"Let books be your dining table, / And you shall be full of delights. / Let them be your
And you shall sleep restful nights" (St. Ephraim the Syrian).

Wednesday, November 11, 2015

The Oxford Handbook of Christology

As I've noted on here many times, we are living in a time when "handbooks of" or "companions to" are all the rage: major publishers continue to bring them out on a variety of topics, including sacramental theology. Set for November release is a hefty collection of articles devoted to that most controverted of topics that so riled and divided early Christianity and led to such complex and often maddening debates: Francesca Aran Murphy, ed., The Oxford Handbook of Christology (Oxford UP, 2015), 704pp.

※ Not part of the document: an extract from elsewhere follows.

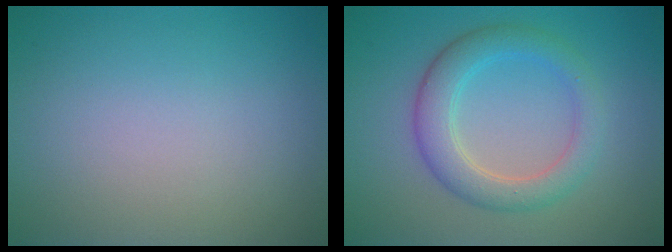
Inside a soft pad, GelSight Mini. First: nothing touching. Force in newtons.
{"total": 4.2, "press": 4.2, "slide": 0.0}

About this book we are told:
The Oxford Handbook of Christology brings together 40 authoritative essays considering the theological study of the nature and role of Jesus Christ. This collection offers dynamic perspectives within the study of Christology and provides rigorous discussion of inter-confessional theology, which would not have been possible even 60 years ago. The first of the seven parts considers Jesus Christ in the Bible. Rather than focusing solely on the New Testament, this section begins with discussion of the modes of God's self-communication to us and suggests that Christ's most original incarnation is in the language of the Hebrew Bible. The second section considers Patristics Christology. These essays explore the formation of the doctrines of the person of Christ and the atonement between the First Council of Nicaea in 325 and the eve of the Second Council of Nicaea. The next section looks at Medieval theology and tackles the development of the understanding of who Christ was and of his atoning work. The section on "Reformation and Christology" traces the path of the Reformation from Luther to Bultmann. The fifth section tackles the new developments in thinking about Christ which have emerged in the modern and the postmodern eras, and the sixth section explains how beliefs about Jesus have affected music, poetry, and the arts. The final part concludes by locating Christology within systematic theology, asking how it relates to Christian belief as a whole. This comprehensive volume provides an invaluable resource and reference for scholars, students, and general readers interested in the study of Christology.
If you peruse the table of contents, you will see such well known and highly respected scholars of the Christian East prominently featured among the contributors as Brian Daley, Khaled Anatolios, Norman Russell, and Andrew Louth.